If you like the idea of immutability, you should check out a pure functional language. In Haskell all (pure) variables are immutable (yet still referred to as "variables", but there you go). It is a great idea - you and the compiler both know that passing something into a function cannot change it in any way.
In C there is no explicit concept of immutable because the language is based on copy semantic. In Python instead values are always passed by reference and immutability plays an important role to keep the language manageable.
In Python you don't have pointers because everything is indeed a pointer! Imagine what it could mean for a Python program that even number objects could change value over time... you would be forced to play tricks like
class Shape:
def __init__(self, points):
self.points = points[:] # make a copy of the list
not only for lists and dicts, but also for numeric values and strings.
So basically in Python some types have immutable instances because they normally are used as "values" and you don't care about identity. In the rare cases in which you need for example a mutable object with a numeric value you need to explicitly wrap it up in say a class instance.
In other languages substantially based on reference semantic like LISP immutability is a choice left to the programmer and not a constraint even if many functions and idioms are supporting it (a big percentage of LISP standard library functions are non-destructive and it's indeed sort of a shame that destructive ones aren't always clearly distinguishable by the name).
So for example strings are mutable LISP but probably not many LISP programs actually modify strings in place because that would mean giving up the nice possibility of sharing and would require explicitly copying strings in many places (in most cases strings are just values, not objects in which you care about identity). Are strings immutable in LISP? No. Are programs mutating them? Almost never.
Not leaving a choice to the programmer is in the spirit of the Python language. It feels great when the choices you are forced to are in line with your idea... less decisions and things are exactly like you wanted them to be.

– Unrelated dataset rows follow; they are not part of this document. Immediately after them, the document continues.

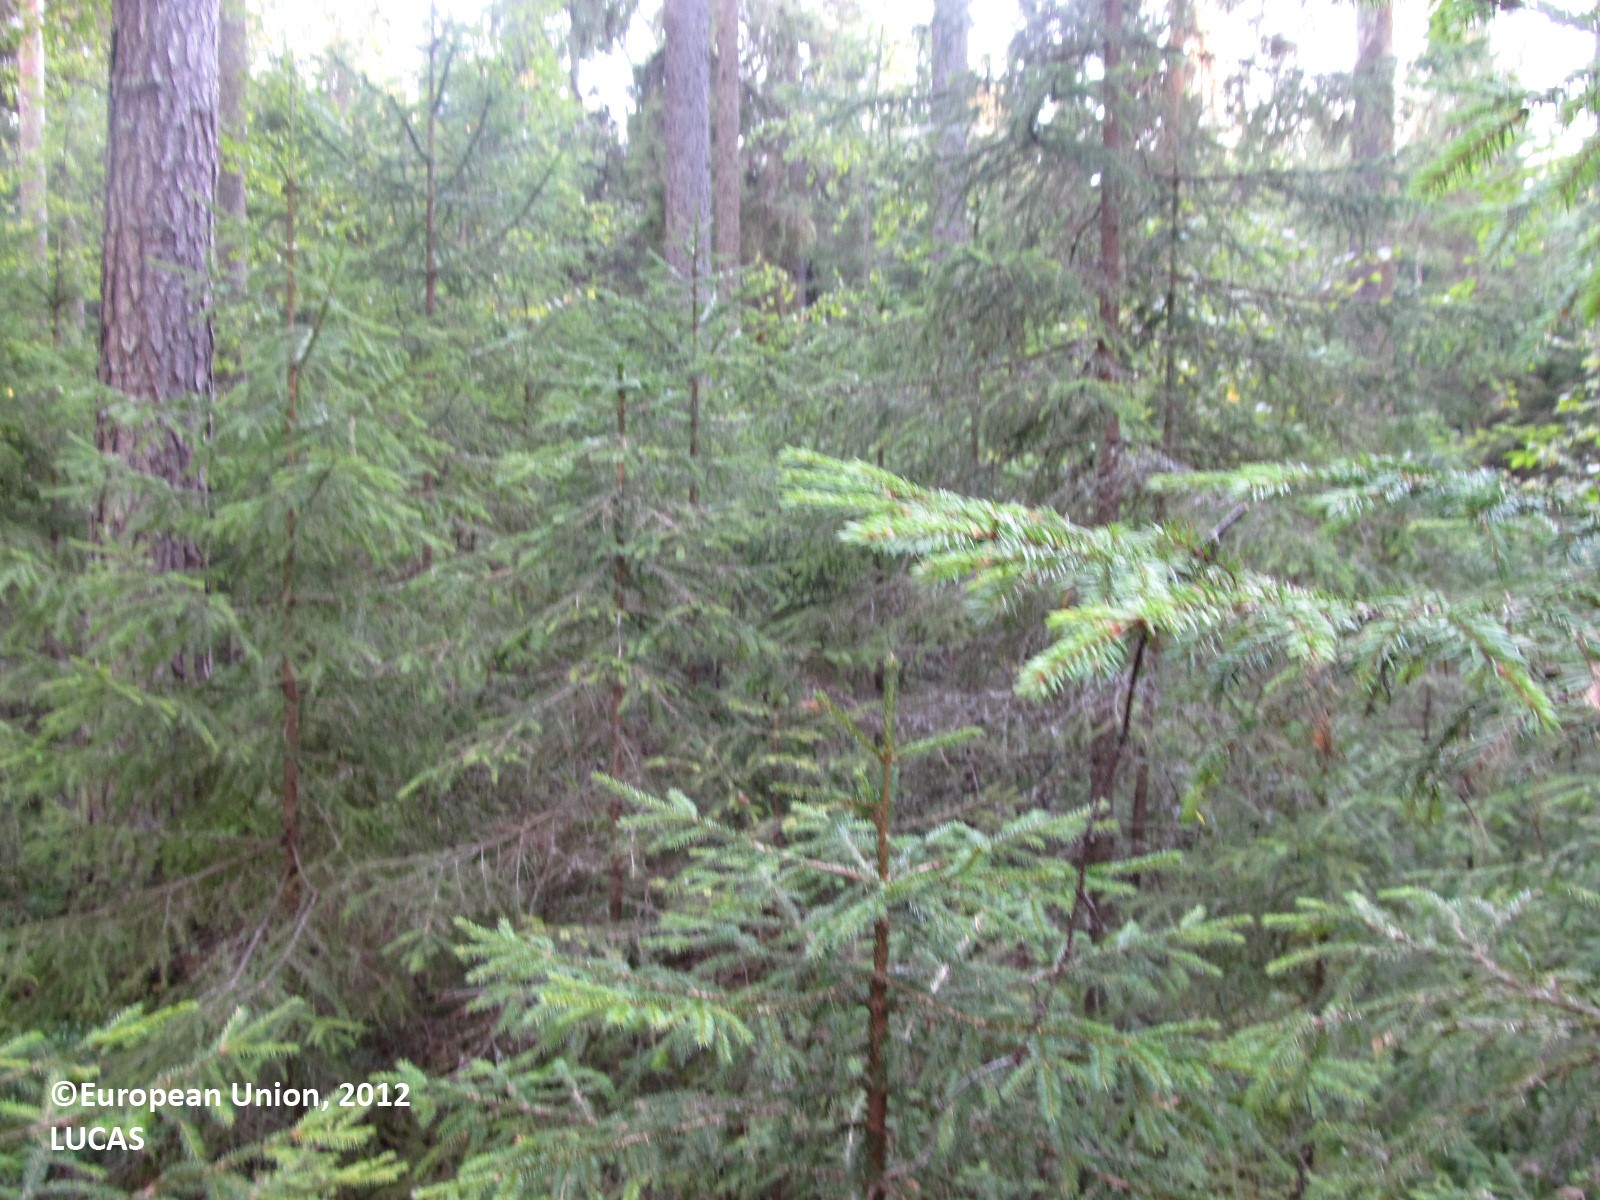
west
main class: Woodland
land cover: Other coniferous woodland
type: boreal forest
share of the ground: 50 - 75 %
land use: Forestry
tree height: > 5 m
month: August
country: FI
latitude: 62.1057
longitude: 27.7098

There are however in my opinion two different dangers with this approach:
Problems arise when those pre-made choices are NOT in line on what you would like or need to do. Python is a wonderful language, but with a different dictator could become pure hell.
Understanding and making choiches forces you to think and expands your mind. Not making choices instead just puts a cage on your mind and after a while you may not even realize that what you are using is just ONE possibility, not the only possibility. After a while you may begin to just think that "things MUST be done this way": you don't even feel you are forced because your mind has already been "mutilated".
Objective C is loaded with mutable/immutable distinctions (to the point where there are both NSString and NSMutableString, for example); it predates Python by about 8 years. Smalltalk, from which Objective C inherited much of its OO design, uses the concept to a lesser extent (notably, strings are not immutable; the trend these days is towards immutable strings as in Python, Ruby, etc.).